Use the following two sections to quickly know when there’s a Service Health issue with an Azure resource, saving you the effort of further troubleshooting and allow you to focus on communicating to your user base and/or use these alerts as part of your business continuity actions (remediations).

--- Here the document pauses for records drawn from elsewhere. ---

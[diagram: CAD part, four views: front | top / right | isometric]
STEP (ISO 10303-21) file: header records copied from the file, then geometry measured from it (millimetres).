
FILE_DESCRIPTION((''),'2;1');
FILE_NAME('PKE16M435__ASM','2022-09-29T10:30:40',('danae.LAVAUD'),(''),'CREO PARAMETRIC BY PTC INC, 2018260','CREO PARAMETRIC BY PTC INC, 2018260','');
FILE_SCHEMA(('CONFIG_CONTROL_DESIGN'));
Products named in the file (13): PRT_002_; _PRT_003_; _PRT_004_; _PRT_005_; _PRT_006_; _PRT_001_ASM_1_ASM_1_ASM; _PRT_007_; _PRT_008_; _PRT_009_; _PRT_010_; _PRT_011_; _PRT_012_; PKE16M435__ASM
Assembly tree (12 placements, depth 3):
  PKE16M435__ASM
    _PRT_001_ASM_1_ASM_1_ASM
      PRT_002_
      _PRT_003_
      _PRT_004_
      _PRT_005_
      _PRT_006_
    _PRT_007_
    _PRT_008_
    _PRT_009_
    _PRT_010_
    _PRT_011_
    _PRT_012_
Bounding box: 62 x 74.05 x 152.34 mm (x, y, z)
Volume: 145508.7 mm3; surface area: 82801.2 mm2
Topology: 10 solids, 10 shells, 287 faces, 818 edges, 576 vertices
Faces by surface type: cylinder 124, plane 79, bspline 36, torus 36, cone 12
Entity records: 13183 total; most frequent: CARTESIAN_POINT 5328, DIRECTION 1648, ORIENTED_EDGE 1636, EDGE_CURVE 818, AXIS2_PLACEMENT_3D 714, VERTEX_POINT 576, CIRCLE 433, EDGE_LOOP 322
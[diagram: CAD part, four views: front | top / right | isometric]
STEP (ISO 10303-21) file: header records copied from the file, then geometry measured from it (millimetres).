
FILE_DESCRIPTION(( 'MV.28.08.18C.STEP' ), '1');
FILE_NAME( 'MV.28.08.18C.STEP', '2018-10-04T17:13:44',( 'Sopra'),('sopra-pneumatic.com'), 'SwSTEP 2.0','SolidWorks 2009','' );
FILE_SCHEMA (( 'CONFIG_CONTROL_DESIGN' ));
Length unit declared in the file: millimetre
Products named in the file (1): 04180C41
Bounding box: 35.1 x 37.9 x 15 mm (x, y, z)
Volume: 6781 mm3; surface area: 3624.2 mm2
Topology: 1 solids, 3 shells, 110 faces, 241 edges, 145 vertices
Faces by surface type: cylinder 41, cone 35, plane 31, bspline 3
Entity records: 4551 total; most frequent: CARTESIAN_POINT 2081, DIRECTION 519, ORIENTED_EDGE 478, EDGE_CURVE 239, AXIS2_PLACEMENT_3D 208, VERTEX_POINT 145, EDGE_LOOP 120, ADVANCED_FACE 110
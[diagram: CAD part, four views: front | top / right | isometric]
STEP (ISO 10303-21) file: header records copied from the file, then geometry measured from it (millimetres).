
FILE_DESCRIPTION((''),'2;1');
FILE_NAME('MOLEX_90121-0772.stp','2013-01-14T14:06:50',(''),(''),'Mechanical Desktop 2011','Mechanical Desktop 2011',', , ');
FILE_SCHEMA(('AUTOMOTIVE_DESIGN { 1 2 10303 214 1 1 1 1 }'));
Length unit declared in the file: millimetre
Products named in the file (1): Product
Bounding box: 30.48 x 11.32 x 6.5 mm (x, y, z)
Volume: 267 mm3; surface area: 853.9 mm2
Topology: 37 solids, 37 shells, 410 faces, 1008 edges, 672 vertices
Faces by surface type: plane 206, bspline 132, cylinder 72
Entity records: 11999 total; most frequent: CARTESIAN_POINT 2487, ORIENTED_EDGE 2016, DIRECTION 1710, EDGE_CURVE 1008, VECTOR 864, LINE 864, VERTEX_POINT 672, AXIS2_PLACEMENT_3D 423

Alert Policy Name | Alert Name | targetScope | Category | Properties.cause | Properties.currentHealthStatus | Scope | Verified | References |
---|---|---|---|---|---|---|---|---|
Deploy Resource Health Unhealthy Alert | ResourceHealthUnhealthyAlert | managementGroup | ResourceHealth |
|
| Subscription | N | Resource Health Best practices for setting up service health alerts |
Alert Policy Name | Alert Name | PolicyScope | Category | Properties.incidentType | Scope | Documented | References |
---|---|---|---|---|---|---|---|
Deploy Service Health Advisory Alert | ServiceHealthAdvisoryEvent | managementGroup | ServiceHealth | ActionRequired | Subscription | Yes | Activity Log Service Notifications Best practices for setting up service health alerts |
Deploy Service Health Incident Alert | ServiceHealthIncident | managementGroup | ServiceHealth | Incident | Subscription | Yes | Activity Log Service Notifications Best practices for setting up service health alerts |
Deploy Service Health Maintenance Alert | ServiceHealthPlannedMaintenance | managementGroup | ServiceHealth | Maintenance | Subscription | Yes | Activity Log Service Notifications Best practices for setting up service health alerts |
Deploy Service Health Security Advisory Alert | ServiceHealthSecurityIncident | managementGroup | ServiceHealth | Security | Subscription | Yes | Activity Log Service Notifications Best practices for setting up service health alerts |
The following table lists a number of operational Activity Log alerts to alert your team when certain resources have been deleted.
There isn’t any per resource type guidance so what’s been provided is some general guidance on alerting on the deletion of specific resources, the list may grow in the future and of course you can create your own following the pattern used for these Activity Log alerts.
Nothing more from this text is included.